Başkanlığım döneminde polis cop ve gazından fazlasıyla nasip almıştım ancak ilk kez gözaltına alınıyordum. Aracın içinde pencereleri açmamaya devam ettiler. Küçük bir araç, on aktivist ve polisler. Neredeyse boğulacaktık. Bunların hiçbiri polisin umurunda değildi. Polis bizi yakalamıştı, tamam. Ya serbest bırakacaktı ya da savcılığın kararı uyarınca gözaltına alacaktı. Haklı olarak gözaltı kararını soruyorduk ve karar yok ise bizi bırakmalarını. Ortada bir karar yoktu. Hukuka aykırı, denetimsiz, keyfi durum olduğu ortadaydı. Zaten böyle sorunu yoktu polisin. Ne de olsa “Mahkeme kararı, bizim arkamızdan gelsin” diyen zihniyetin temsilcileriydi.
Sonrası malumunuz. Sağlık kontrolü ve ifade için emniyet süreci. Yaşananlara tanıklık edenler, sosyal medyada haberleri görenler dayanışma için Yüreğir Adli Tıp Kurumuna gelmişlerdi. Sohbet, geçmişte yaşananlar, katılımı ilerleyen haftalarda daha fazla nasıl arttırırız soruları, siyasi iktidarın ve emrindeki kolluk kuvvetlerinin azgınlaşması, müdahalelerin orantısızlığı, sıcak derken adli rapor bitmiş ve emniyete geçmiştik.
Avukat olarak ifademizi savcılığa vereceğiz beyanı, diğer katılımcı arkadaşlarımızın ifadeleri sonunda serbest kaldık. Yürekli, kararlı, duruş sergileyen yeni insanları tanıdım. Dayanışma için gelen genç meslektaşlarımızı tanıdım. Mutlu oldum, umudumu tazeledim.
CHP Adana İl Avukatları WhatsApp grubuna yeniden dönelim. Abluka ve polis müdahalesinin başlayacağına ilişkin mesaj ve fotolarımdan bir buçuk saat sonra genç bir meslektaşımdan ses geldi. Nerede ve ne durumda olduğumuzu soruyordu. Bunu birkaç meslektaşın mesajı, geçmiş olsun dilekleri takip edecekti. Konunun, benimle hiçbir ilgisi yok. Sonuçta anayasal hakları ihlal edilen ve polis şiddetine maruz kalan on sekiz insanın çağrısını paylaştım.
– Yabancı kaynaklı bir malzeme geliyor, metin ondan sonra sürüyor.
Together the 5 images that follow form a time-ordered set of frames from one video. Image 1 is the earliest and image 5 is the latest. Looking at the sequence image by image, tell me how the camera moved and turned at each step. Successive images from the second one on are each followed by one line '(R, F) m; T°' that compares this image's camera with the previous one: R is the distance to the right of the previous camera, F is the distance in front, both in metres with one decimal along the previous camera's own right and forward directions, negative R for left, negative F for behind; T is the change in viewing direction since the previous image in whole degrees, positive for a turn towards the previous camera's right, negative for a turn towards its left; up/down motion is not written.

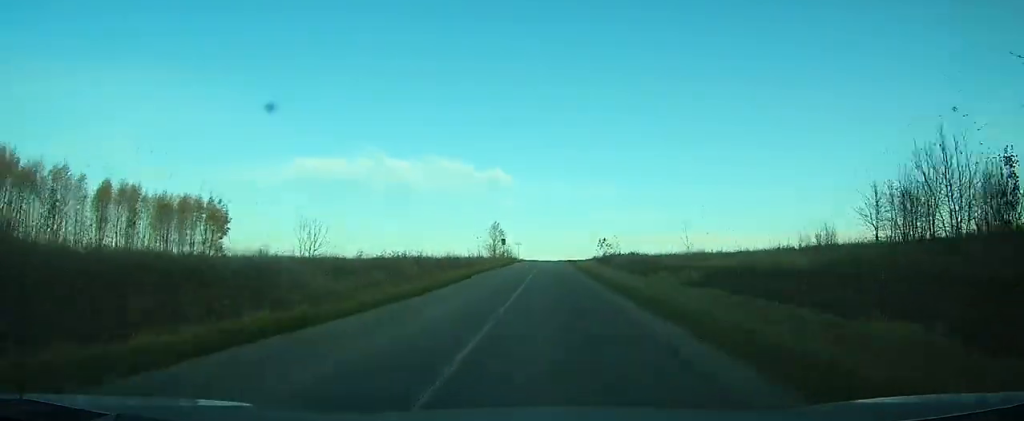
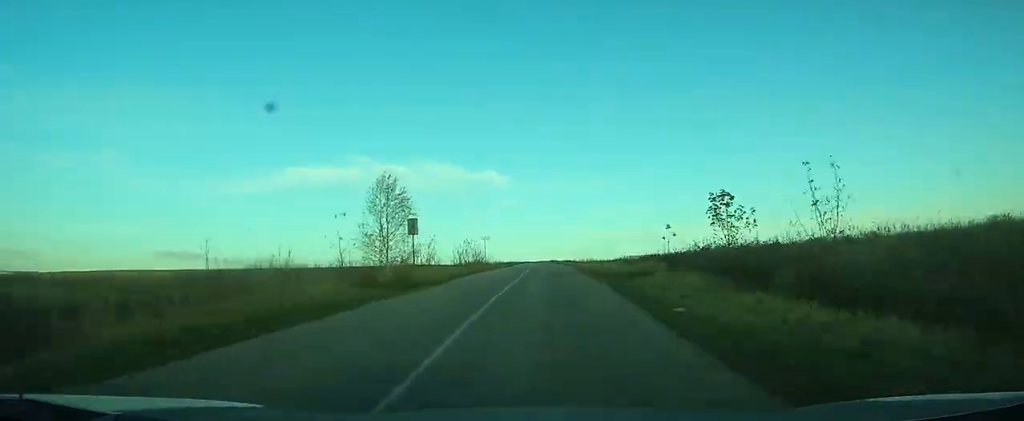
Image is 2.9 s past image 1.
(-0.3, +51.9) m; -1°
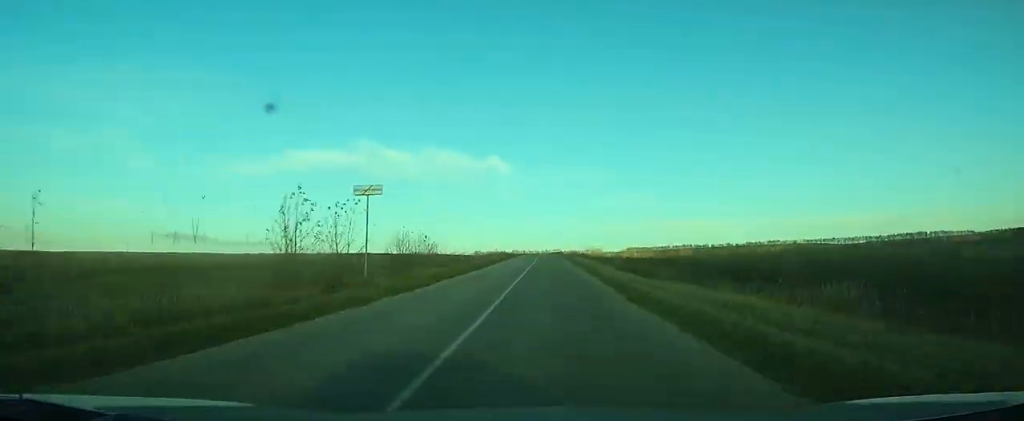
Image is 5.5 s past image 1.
(-0.4, +48.0) m; -1°
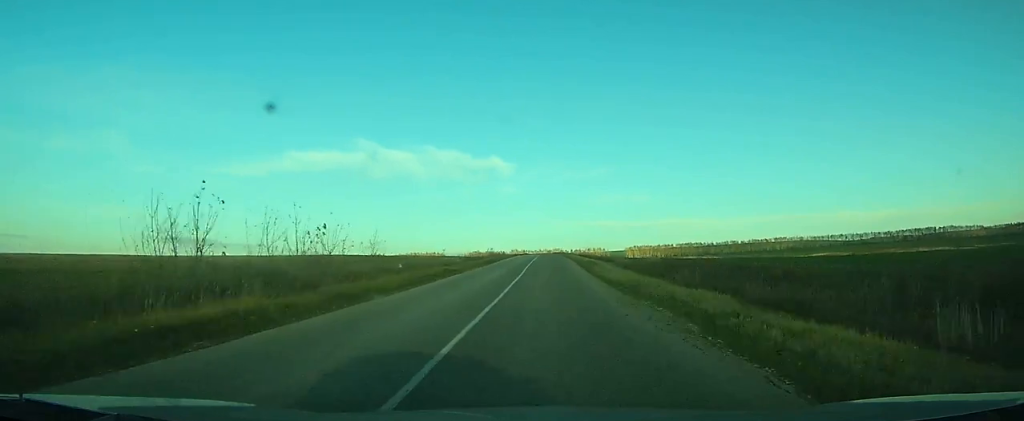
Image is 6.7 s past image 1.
(0.0, +24.4) m; 0°
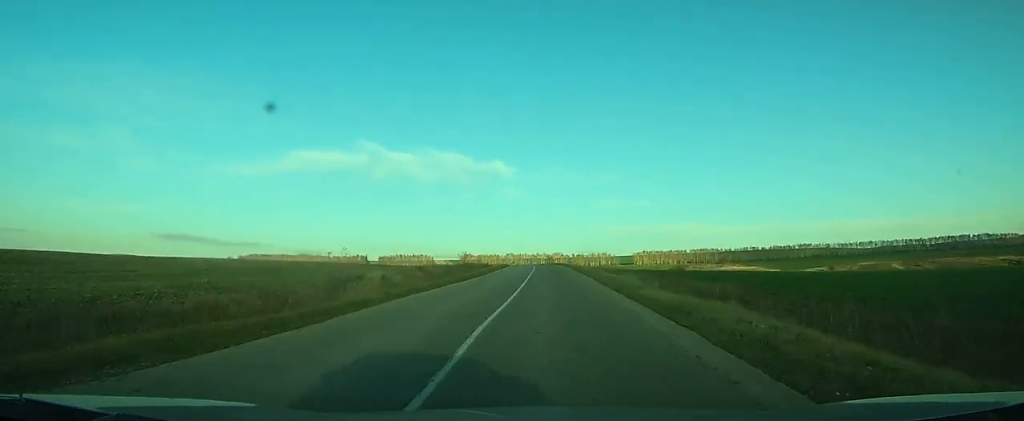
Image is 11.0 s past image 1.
(0.0, +90.3) m; 0°

Duyarlılık gösteren de sağolsun göstermeyen de. Zaten yaz sıcağı, tatil, cenaze, düğün, delege seçimleri, ilçe görevden almalar gibi durumlar varken, polis şiddeti, keyfiyeti, hukuksuzluğu kanıksatılmışken, yaşananlar sıradanlaştırılmışken ses çıkartmaya gerek yoktu….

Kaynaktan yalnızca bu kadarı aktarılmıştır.